How to Negotiate A Job Offer? Tips for Salary Negotiation

It is not surprising that most people are not comfortable asking for more money once their job search has ended and they have an offer in hand. If the salary is reasonable, they do not want to jeopardize the opportunity now that they have come this far. And let us face it, money is not an easy topic whether you are trying to buy a new car or land a new job.

Whether or not there is a global pandemic, salary negotiations can be stressful and many questions like this hover in mind:

• When should I negotiate for a higher salary and what do I need to know before negotiating?
• How do I make a case for a higher salary?
• Should I take any offer or a lower level job offer during COVID-19?
• In other words, should I settle for something less? Would it be wise to negotiate a higher salary during COVID-19?

How to Prepare??

To get the salary you want, you need to lay the groundwork long before you arrive at the negotiation table. Here is a step-by-step guide.

  1. Start with your research: Prior to your interview, research on your potential employer to get an idea of how they have been affected by COVID-19. You might find indicators on news sites, social media or the company’s website.
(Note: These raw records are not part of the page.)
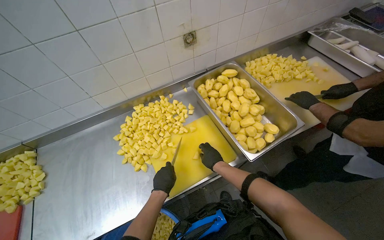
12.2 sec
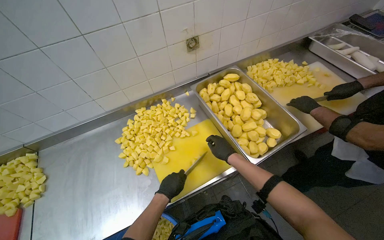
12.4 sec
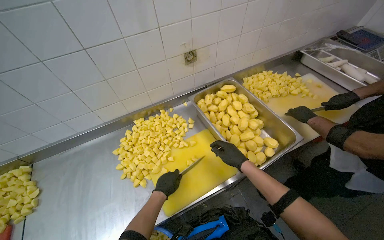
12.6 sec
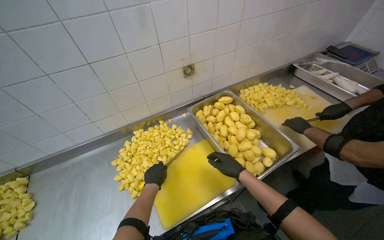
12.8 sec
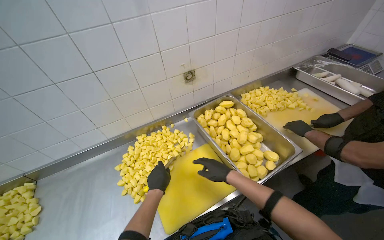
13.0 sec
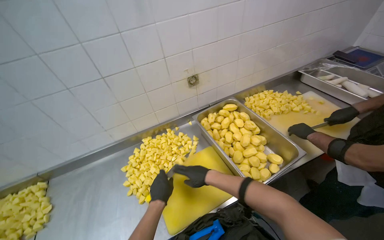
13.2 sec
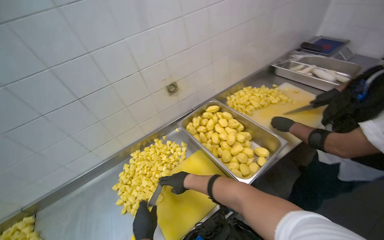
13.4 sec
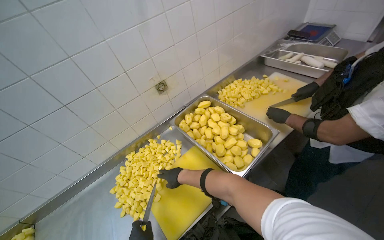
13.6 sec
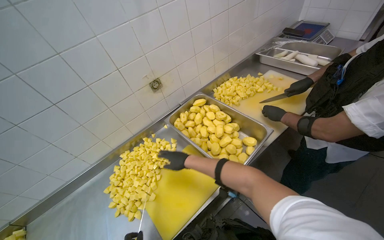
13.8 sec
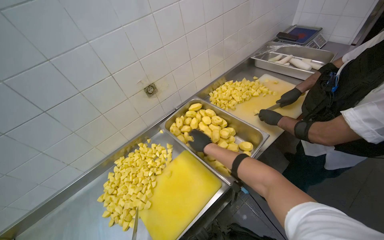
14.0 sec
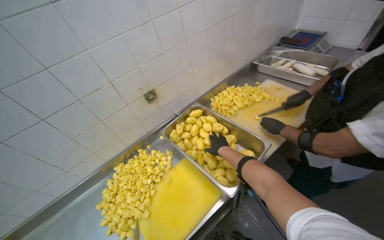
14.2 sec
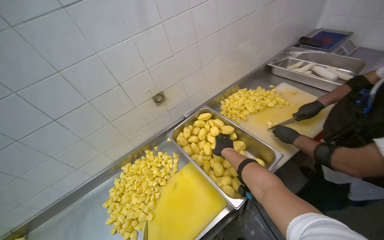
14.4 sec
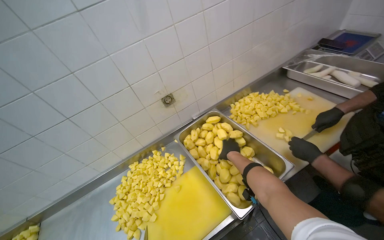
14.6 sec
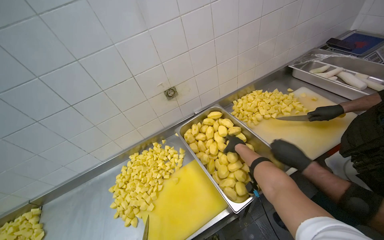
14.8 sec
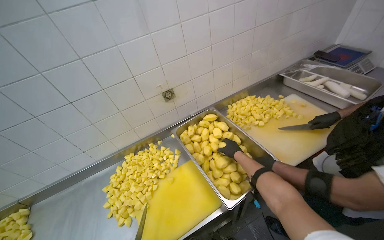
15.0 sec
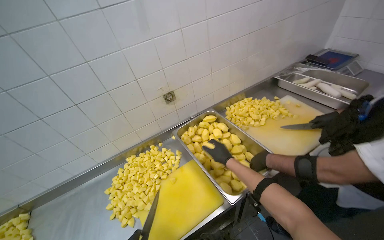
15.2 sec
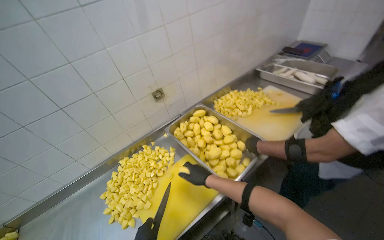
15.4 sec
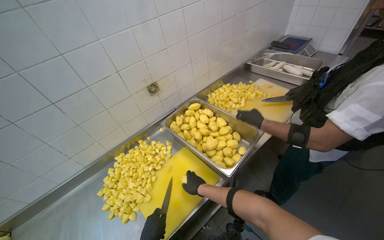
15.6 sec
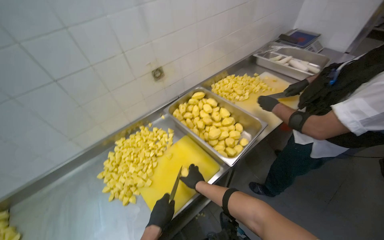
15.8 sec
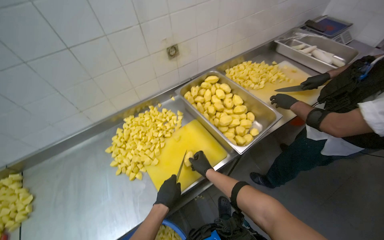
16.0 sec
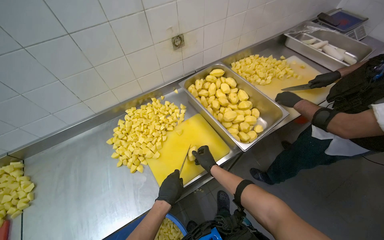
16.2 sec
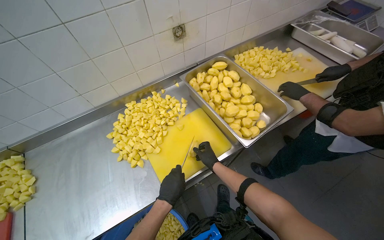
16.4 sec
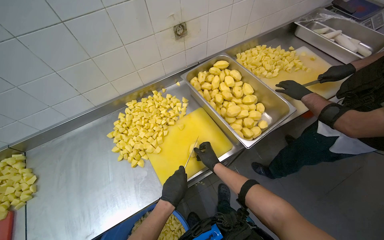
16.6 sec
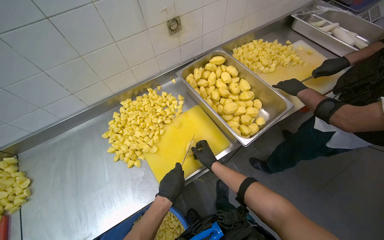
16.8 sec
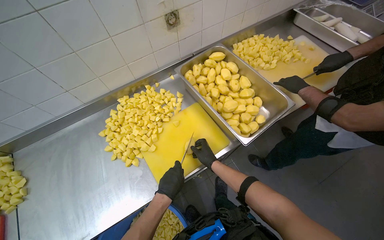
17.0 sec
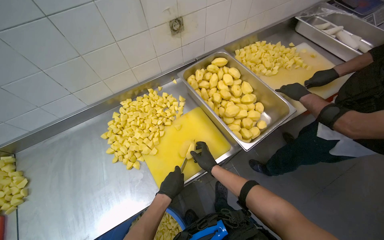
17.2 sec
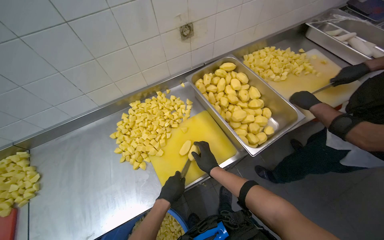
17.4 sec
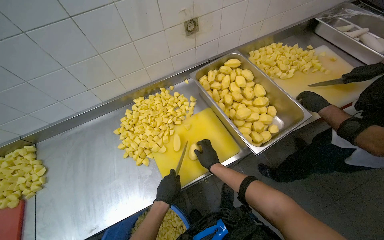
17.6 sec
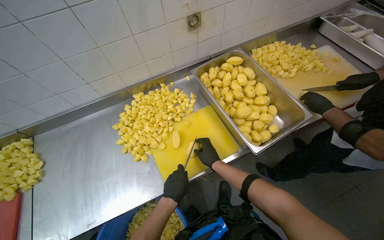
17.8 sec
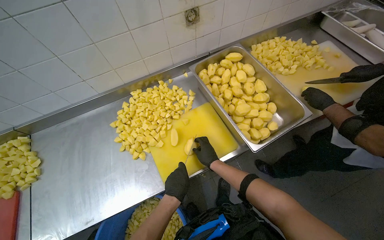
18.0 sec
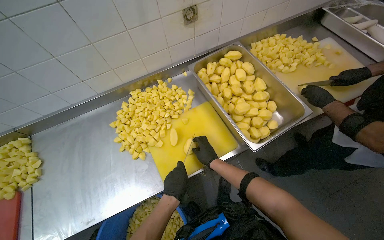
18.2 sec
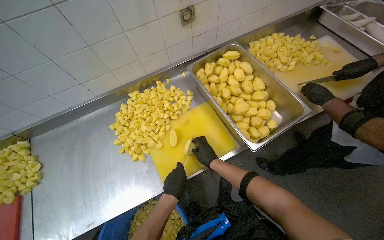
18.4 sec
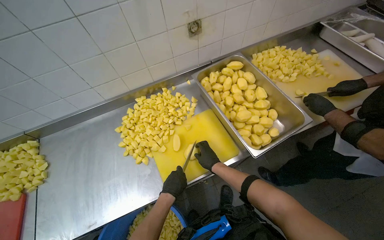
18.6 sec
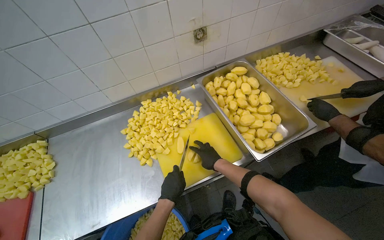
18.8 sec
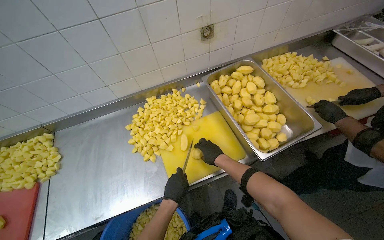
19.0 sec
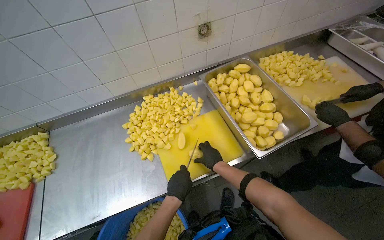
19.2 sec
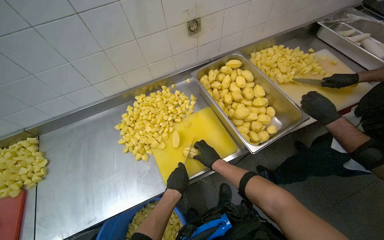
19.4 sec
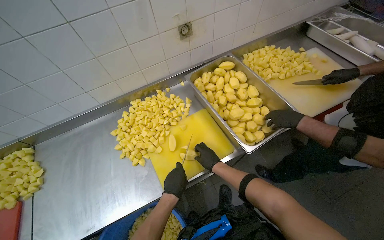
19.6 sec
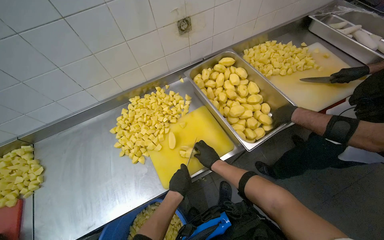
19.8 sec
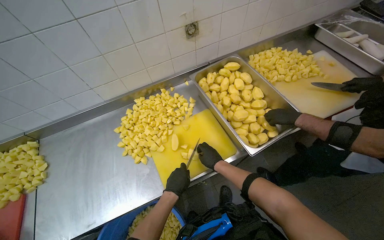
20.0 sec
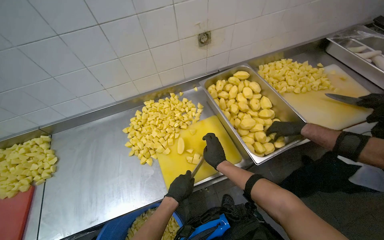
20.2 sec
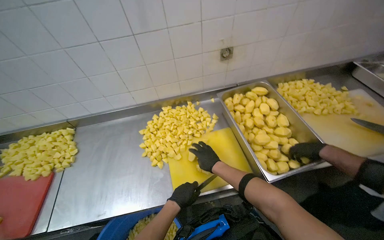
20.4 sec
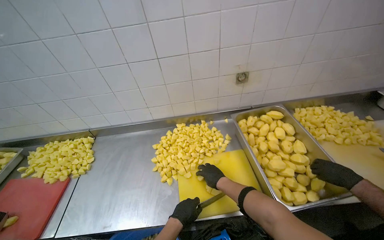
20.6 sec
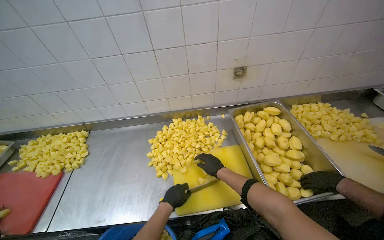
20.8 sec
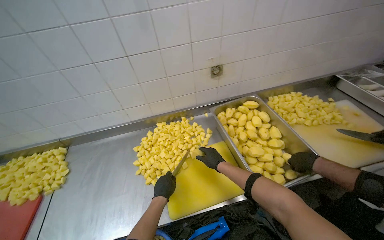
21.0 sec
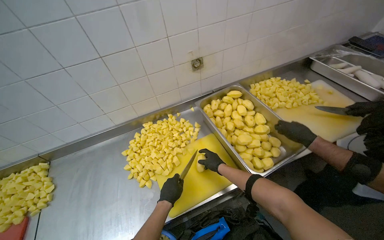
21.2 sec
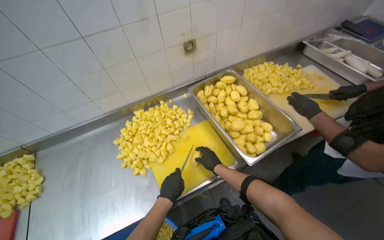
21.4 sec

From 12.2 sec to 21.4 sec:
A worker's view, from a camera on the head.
Job: preparing food.
The whole recording: Cutting peeled potatoes into cubes. The worker continues cutting peeled potatoes into cubes on a yellow cutting board.
From 12.2 sec to 13.8 sec: The camera pitches upward, by about 10 degrees.
From 13.8 sec to 15.2 sec: The right hand heads to the right, covering approximately 15 cm.
From 15.2 sec to 16.8 sec: The view tips downward by some 20 degrees.
From 16.8 sec to 18.4 sec: The hands work in one place, with small movements.
From 18.4 sec to 19.8 sec: The hands work in one place, with small movements.

If you know someone who currently works for the company, then you could also ask if they have any insights to share.

    During the interview, consider asking questions such as:
    • How has COVID-19 affected the company?
    • What challenges has the company faced since the onset of COVID-19?
    • How is the company recovering from the impacts of COVID-19?

    Getting answers to questions like these may help you better plan your negotiation conversation if you move onto the offer stage. For example, if you find the company to be under a significant amount of financial and operational pressure, you can then plan your response while negotiating.
  1. Understand what you have to offer employers: After receiving an offer, take a moment to consider your qualifications in the current environment. If a company has extended an offer to you, then you have likely demonstrated skills and value that they need in this competitive environment.

    If you feel like you are highly qualified for the role and the initial offer does not meet your expectations, it might be a good idea to negotiate. 
  1. How to identify the right pay: Before initiating a negotiation conversation, research to gain a strong understanding of your personal & professional value which will be unique to your work experience and location.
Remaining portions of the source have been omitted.